Светлый фон

Чем-то этот лес напоминал мне о Темноземье. И не тем, что деревья пробивались к небу, не тем, что растения, пучки трав и папоротники свисали со стволов, подобно цветам. И не тем, что туман стоял такой густой, что казался легкой моросью. Молчание – вот что возвращало меня в тот лес. Тишина – вот что меня беспокоило. Некоторые лианы веревками свисали прямо перед нами. Некоторые загибались обратно и змеями обвивали ветви. Некоторые и в самом деле были змеями. Темнота еще не наступила, зато ни единый солнечный луч не пробивался сквозь эту листву. Только это было не Темноземье, ведь в Темноземье полно было призраков зверья, слышалось воркованье, карканье, повизгивание и выкрики. Тут – никакого рычания, никакого рева.

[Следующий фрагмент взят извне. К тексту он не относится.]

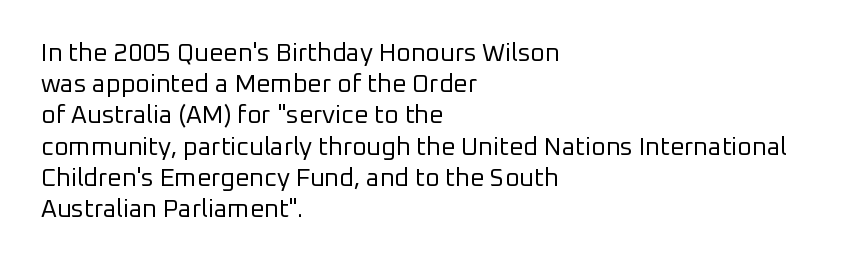
Q: Is the text bold? A: No.
Q: Is the text italic (slanted)? A: No, it is upright.
Q: Is the text underlined? A: No.
Q: How is the paragraph aligned? A: Left-aligned.
Q: Is the spacing between letters normal or unusually wide? A: Normal.
Q: Is the spacing between lines tight, normal or loose? A: Normal.

– Вот дерьмо! – воскликнул Найка. Я оглянулся и увидел, как он соскребает с ноги червей. – Черви распознают гниль, когда та на них наступает, – вздохнул он.

Я перебрался через поваленное дерево, ствол которого был высотой с меня, и продолжал шагать. Дерево осталось далеко позади, когда я заметил, что Найка за мной не идет.

– Найка!

По другую сторону лежавшего ствола его тоже не было.

– Найка!

Запах его был повсюду, вот только дорожки к нему не открывалось. Найка стал воздухом: он повсюду, но – ничто. Я обернулся и успел заметить лишь две широко расставленные ноги, и не успел я разглядеть чего-нибудь между ними, как какая-то белая слякоть влепилась мне в лицо.

 

Он тянул ее с моей головы, с лица, с глаз, что-то и в рот мне попало, на шелк похожее и совсем безвкусное. Я видел, как шелк с моих глаз опутывал меня, крепкий и блестящий, хотя сквозь него виднелась моя кожа. Бабочка, обернутая в кокон. Руки, ноги – я ничем шевельнуть не мог, как ни старался брыкнуть, топнуть, отодрать или вывернуться. Я был накрепко прилеплен к какой-то слабой ветке, сгибавшейся подо мной. Мелькнула мысль об Асанбосаме, бескрылом братце Сасабонсама, скакавшем вверх-вниз по своему дереву, ветви которого были увешаны гниющими женщинами и мужчинами. Вот только тут ничего не гнило. Я счел это за добрый знак, пока не услышал его над собой и не понял, что жрать свое мясо он предпочитает свежим. Он откусил голову маленькой обезьянке, и хвост той безжизненно сник. Разглядел он, что я смотрю на него, лишь когда в пасти исчезло все, кроме хвоста, его он засосал себе в рот со слюнявым чмоканьем.

– Чпок-чпок-чпок – только это и могут. Я-то, я-то даже голодный не был. Знаю эту милашку-мартышку, вот мамочка-кипунджи[61] явится искать деточку-кипунджи, я и ее слопаю. Шкодники, такие шкодники эти кипунджи, такая от них сумятица, летают в поисках плодов и такой бардак в моем дому устраивают, да, устраивают, еще как устраивают, всю листву засрали, срут и еще как срут, а моя мамулечка скажет, она сказала бы, мамулечка ничего не скажет, померла она… о, зато говорит она: держи дом в чистоте, не то негодной женщине захочется тебя, вот что она говорит, киппи-ло-ло, вот так она говорит.